::: Records provided

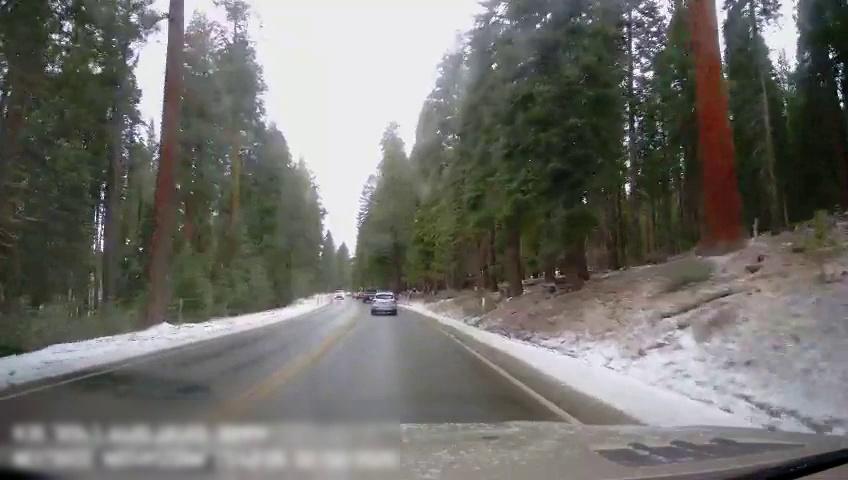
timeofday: Day
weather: Cloudy
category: Drivable Space
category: Vehicles | Car
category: Vehicles | Truck
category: Vehicles | Car
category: Vehicles | SUV
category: Lanes | Current Lane
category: Lanes | Current Lane
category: Lanes | Opposite Lane
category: Lanes | Opposite Lane
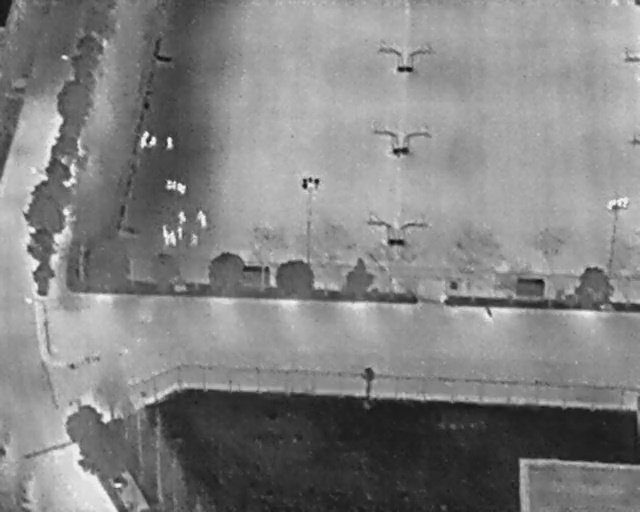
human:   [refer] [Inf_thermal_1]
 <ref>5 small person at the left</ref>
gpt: <box>[[24, 44, 26, 45, 2], [25, 46, 27, 47, 2], [25, 45, 28, 47, 2], [27, 44, 29, 46, 2], [27, 41, 29, 43, 2]]</box>
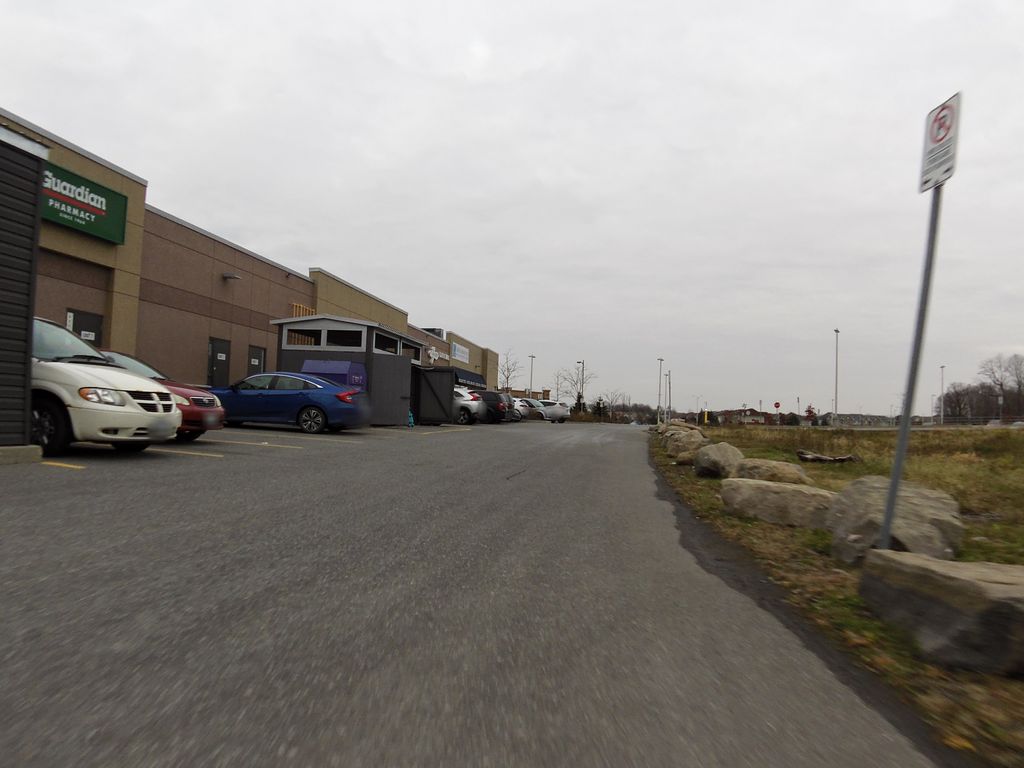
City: ottawa-gatineau
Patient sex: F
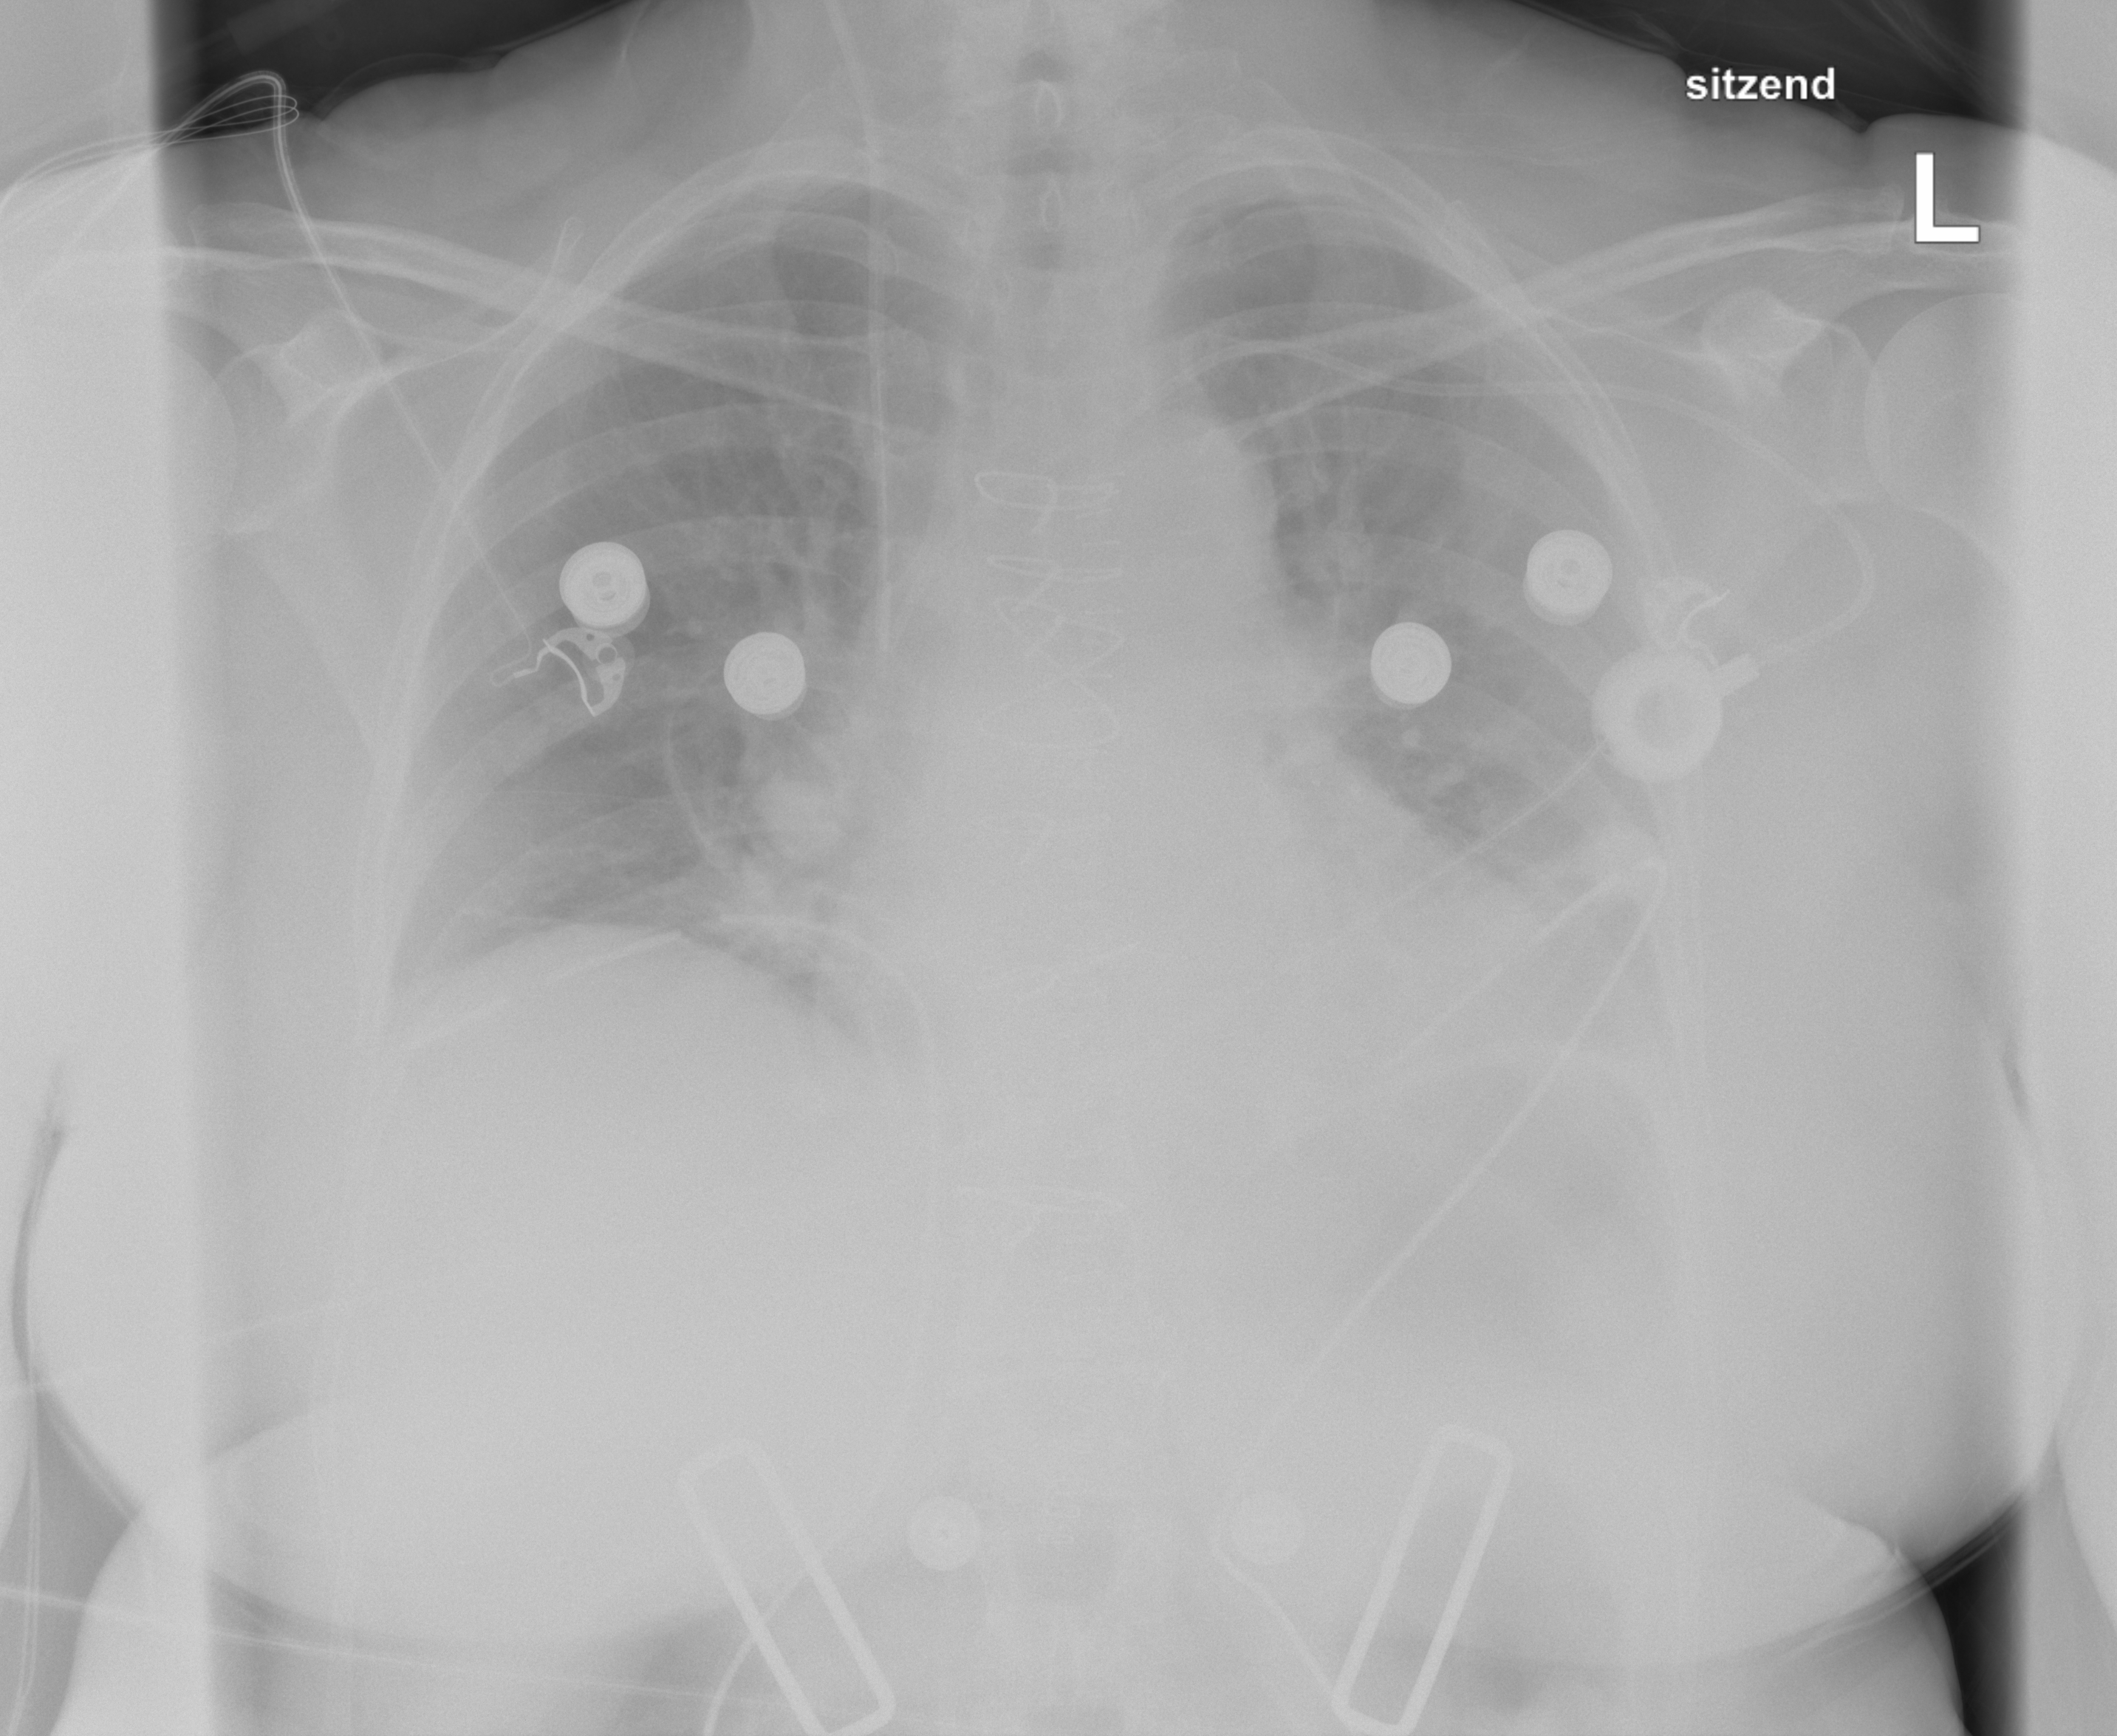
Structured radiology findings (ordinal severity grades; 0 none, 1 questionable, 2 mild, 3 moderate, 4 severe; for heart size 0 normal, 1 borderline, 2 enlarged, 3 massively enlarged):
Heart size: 0
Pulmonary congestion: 0
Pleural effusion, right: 0
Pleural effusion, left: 2
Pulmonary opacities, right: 0
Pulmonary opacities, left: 0
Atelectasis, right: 2
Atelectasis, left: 2
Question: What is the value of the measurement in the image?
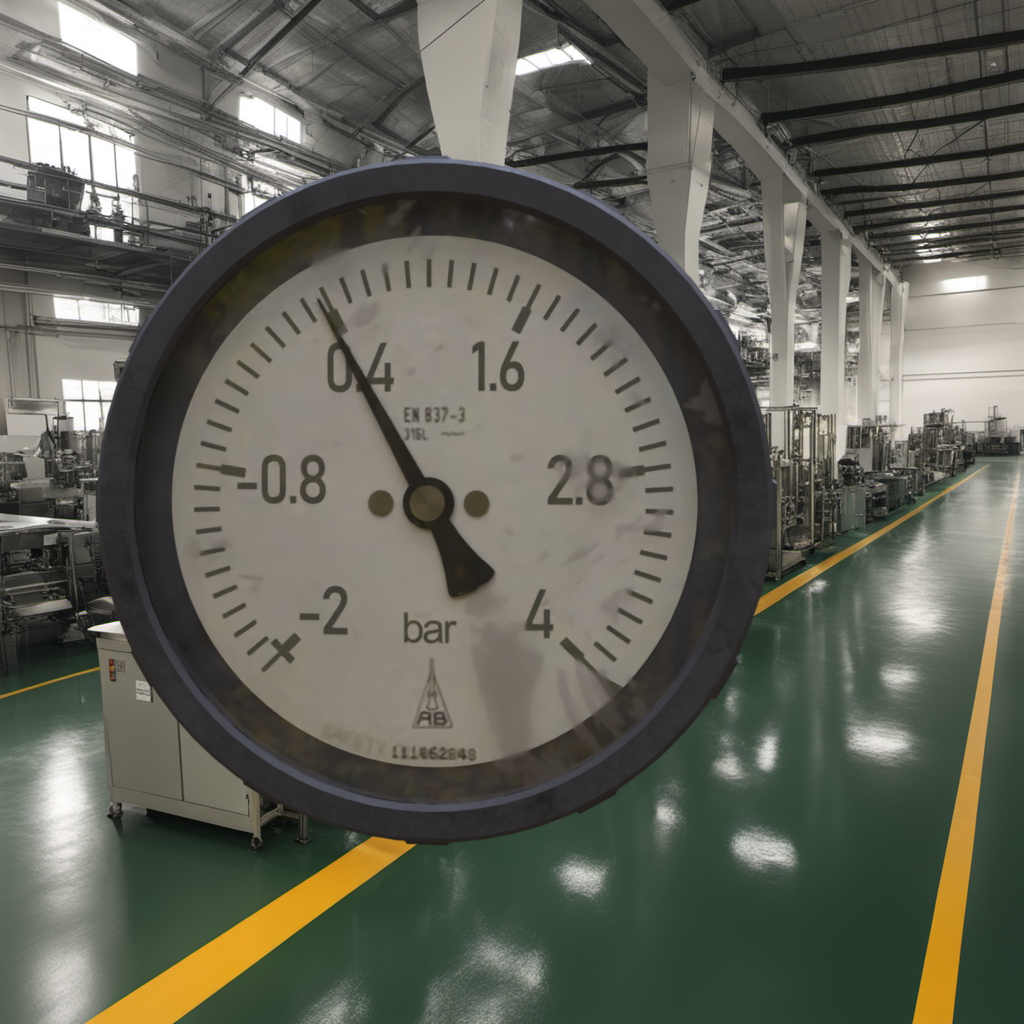
Answer: The result is 0.35
Question: What is the value range of this measurement?
Answer: The range is from -2 to 4
Question: What is the minimum and maximum value of this measurement?
Answer: The minimum value is -2 and the maximum value is 4
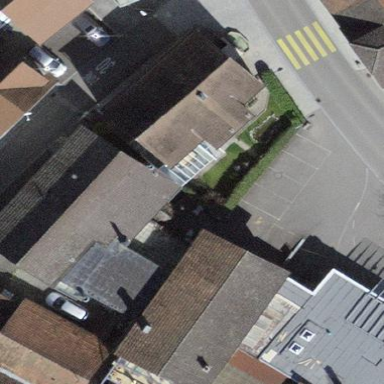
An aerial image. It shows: Building with tiled roof.
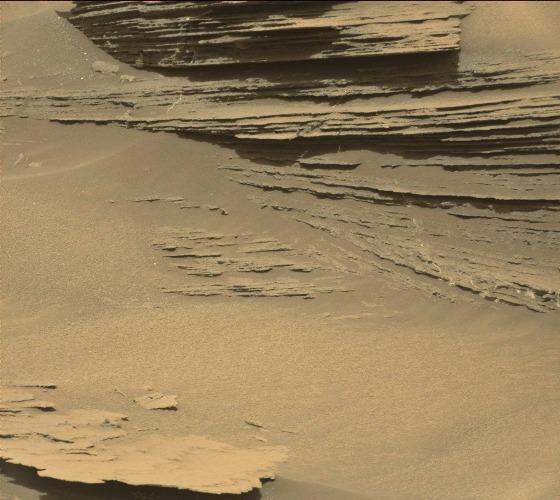
Terrain classes present: Bedrock, Gravel / Sand / Soil, Shadow

::::::

* [Problem requirements]:
Go through the records line by line and count those containing the string "effusion". Give only the total.

* [Answer for the task]:
2